Donna: Those are your plant-based ones, but hydrochloric acid, pepsin, and pancreatin are not from that sort, so those [crosstalk 00:16:25].
Dave: Yeah, those are the ones that I take.
Donna: Yeah. Those are good. The ones that are plant-based, those are the ones that come from …
Dave: The ones that come from aspergillus, you’re saying?
Dave: Exactly. In other words, digestive enzymes don’t usually come from plants, they come from animals. Things that come from an animal, like from their digestive tract, are usually pretty good. Things like ox bile.
Dave: Things like pancreatin that comes from an animal source [crosstalk 00:16:51]-
Donna: They tend to be low as we stress out, as we get aged, those are the ones that we start to stop making. Replacing those makes sense.
Dave: I’ve been taking those with just about every meal for 15 years, and I think it’s just important because even if you have a somewhat healthy gut, supporting that is just a good idea.
Donna: I totally agree with that. Me too. I’m pretty religious about taking digestive enzymes.
Dave: Let’s talk about food combining. To be really open about it, I experimented with food combining a long time ago. I was really strict. I kept logs. This is more than 10 years ago when I was doing some of the nutritional stuff that I was figuring out. I kept logs. “Don’t eat watermelon with this. Never eat lemon and cantaloupe together,” and all these other weird rules that honestly didn’t always make that much sense, and I never detected a single difference in my health from it.
Why food combining? Why is it in your top three?
Donna: To me, lemon and watermelon are fine together.
Dave: I’m kidding. I don’t remember what it was, but watermelon has special status. It was just like, “Really? Some of this is a bit excessive.”
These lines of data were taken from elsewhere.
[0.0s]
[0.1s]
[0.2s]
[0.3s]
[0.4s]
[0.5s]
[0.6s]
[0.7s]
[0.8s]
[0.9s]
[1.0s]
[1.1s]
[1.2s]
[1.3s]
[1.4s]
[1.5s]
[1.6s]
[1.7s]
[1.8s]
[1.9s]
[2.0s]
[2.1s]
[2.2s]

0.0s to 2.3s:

Donna: Okay, so really simply, fruit digests very very quickly, so if you’re going to eat a piece of fruit it’s going to be in and out of the stomach in about 30 minutes. If you eat a piece of toast, let’s say, with the fruit, bowl of cereal with milk, it’s all trapped in there, and it’s going to cause gas and bloating. So you’re fermenting that food, basically, in a bad kind of way.
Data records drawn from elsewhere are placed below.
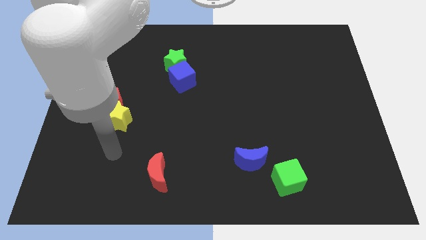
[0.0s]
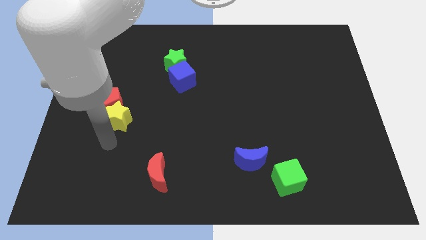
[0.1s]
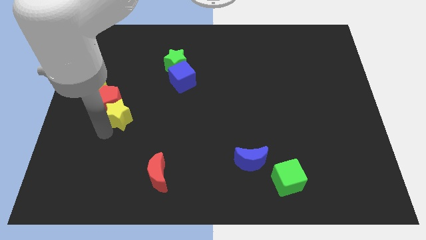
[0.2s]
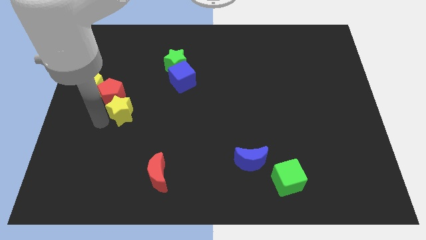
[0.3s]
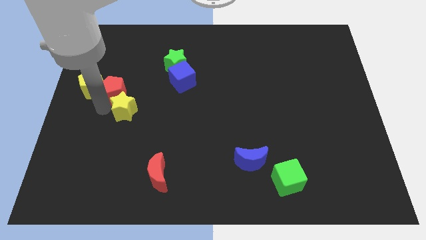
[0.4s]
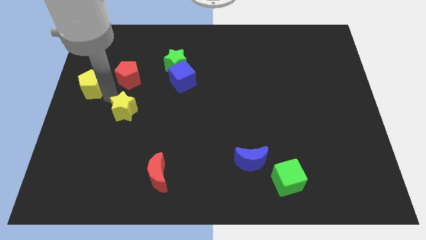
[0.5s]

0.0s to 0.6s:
separate the yellow star from the red pentagon

Then as far as meat goes, if you have a piece of turkey, let’s say you put it on a sandwich, two pieces of bread, same thing. That’s very comple- That’s just difficult. You’re asking a lot of the digestive tract to do that. If you’ve got a real strong digestive tract, then forget about food combining. If you are sensitive, then it makes a big difference.
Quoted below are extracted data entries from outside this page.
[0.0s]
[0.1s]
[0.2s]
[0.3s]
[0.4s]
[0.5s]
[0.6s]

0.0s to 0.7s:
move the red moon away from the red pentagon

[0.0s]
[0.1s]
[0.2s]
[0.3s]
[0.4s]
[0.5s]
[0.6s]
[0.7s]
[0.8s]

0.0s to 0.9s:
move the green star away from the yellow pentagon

What I would put with a piece of chicken or lamb or fish or something is just vegetables, non-starchy vegetables, and there’s tons of those: asparagus, green beans, broccoli, tons of them. If I were having something like resistant starch, I know that’s a big term in your community, and rice or quinoa, millet, I would put that with vegetables too.
Dave: What about fat? Would you mix fat with that?
Donna: Yeah. Fat can go with anything. Good fats can go with any-
Dave: Butter goes with everything, even watermelon, right?
Donna: Probably so. I haven’t done that. [crosstalk 00:19:20]
Dave: Sounds disgusting!
Donna: Wait! You reminded me of something. I got to say this. Actually, fat would be good to have with watermelon because watermelon is very sweet, and when you put fat into a meal where there’s sugar, it slows down the assimilation of the fat. So yes, that would be a good combination.
Dave: If someone makes a watermelon-butter smoothie and drinks it, I will be shocked and amazed and only slightly disgusted, but I imagine we’ll see that on YouTube, Donna, because we just had this conversation.
Donna: I would rather them not put the watermelon in there, but they could use some other fruit. Then what I’d like to see them do is use medium-chain Brain Octane Oil instead. I think that would be a nicer, lighter combination.
Dave: Yeah, if you’re doing a fruit smoothie, certainly putting some fat in there makes it so much more satisfying and helps to stop the food cravings. Because you mentioned fruit digests really quickly. Then honestly you don’t each much fruit, and if you’re going to eat fruit, eat the really high-nutrient fruit that’s low in fructose. That’s why the Bulletproof Diet road map has them sort of ranked in that order.
Donna: Yeah. I love your chart, by the way. We’re just so close, and our thinking is 100% [crosstalk 00:20:29]-
Dave: Yeah, we agree on … Well, I think I have some questions about fermented food we were about to get to, but we agree on like 99% of things. It’s those little differences where some people listening are like, “Oh my god, seriously? Like, who cares?” I’ll tell you who cares. People who want to kick ass care because it’s those little differences that separate the winners from the losers. It’s a hundredth of a second.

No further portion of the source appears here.